O amor é líquido. Ele se conforma com as formas possíveis. Às vezes tem a forma plena de uma mar aberto. Às vezes cabe num guardanapo de lanchonete ou num vidrinho de perfume. Às vezes se presentifica somente nas ideias. Mas o amor é. Mesmo quando ele não pode ser, ele acaba sendo.

Diz Paulo, no livro que não finda, que o amor é paciente. Sim, o amor não tem pressa, ele pode esperar milênios, milênios no ar. Quem se afoba somos nós, súditos desobedientes que não compreendemos o seu tempo. Por causa disso, quase sempre estragamos tudo. O amor verde, antes do seu tempo, é duro. Não se conhece a textura na mordida da boca. Por vezes é amargo, mas não de si, mas amargo da língua aftosa e herpética de querências fora de tempo. Não dá para apressar o rio do amor: ele corre sozinho. Aprender a esperar o tempo do amor é um segredo para poucos felizardos. Uma pérola repousa por anos na ostra.

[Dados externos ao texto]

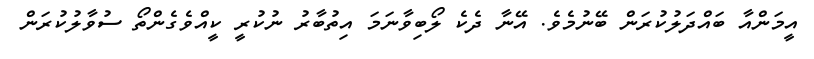
އީމަންއާ ބައްދަލުކުރަން ބޭނުމެވެ. އޭނާ ދެކެ ލޯބިވާނަމަ އިތުބާރު ނުކުރީ ކީއްވެގެންތޯ ސުވާލުކުރަން
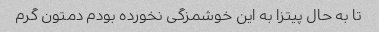
تا به حال پیتزا به این خوشمزگی نخورده بودم دمتون گرم
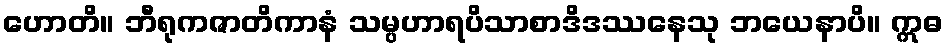
ဟောတိ။ ဘီရုကဇာတိကာနံ သမ္ပဟာရပိသာစာဒိဒဿနေသု ဘယေနာပိ။ ဣဓ
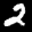
Label: 2
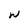
Character: W
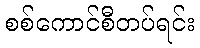
စစ်ကောင်စီတပ်ရင်း
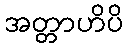
အတ္တာဟိပိ
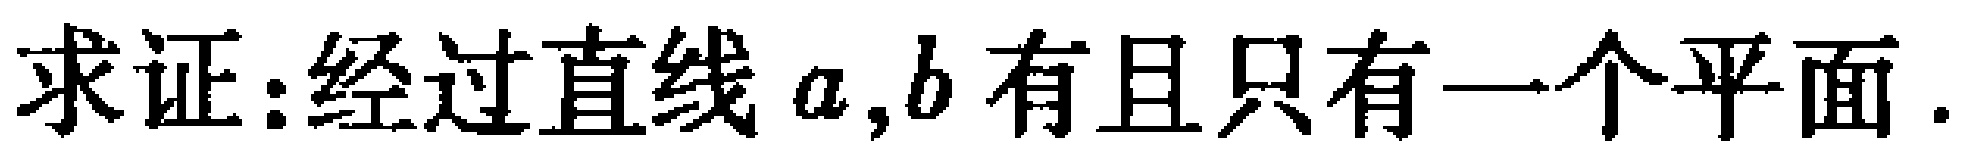
求证:经过直线\(a,b\)有且只有一个平面.

Se o amor é paciente e devemos nos espelhar nisso, onde guardar o amor que não pode ser? Depende da história. Uns guardam num fundo de armário. Outros, na posta-restante dos Correios, que andam ariscos demais, a propósito. Para quem não sabe o que é posta-restante: a gente pode pôr uma indicação no subscrito de uma carta quando quer significar que ela deve permanecer na repartição dos Correios até que seja reclamada pelo destinatário. A posta-restante é o lugar onde ficam tais cartas, as que restam. Assim, um amor sempre tem um remetente. Às vezes o destinatário não reclama o amor. Às vezes sequer sabe sobre ele. Porque não pode. Ou não quer. Para dar um F5 no texto, podemos dizer que hoje se guarda em e-mails nas caixas de rascunhos, em SMSs no draft, em tweets soltos na timeline, em cutucões reticentes no Facebook, em posts a postos para serem publicados, só esperando a coragem. Essas são versões modernas e descafeinadas do amor. Todos lugares mais modernos de se guardar um amor quando seu tempo não chegou ainda. Ou quando não pode chegar.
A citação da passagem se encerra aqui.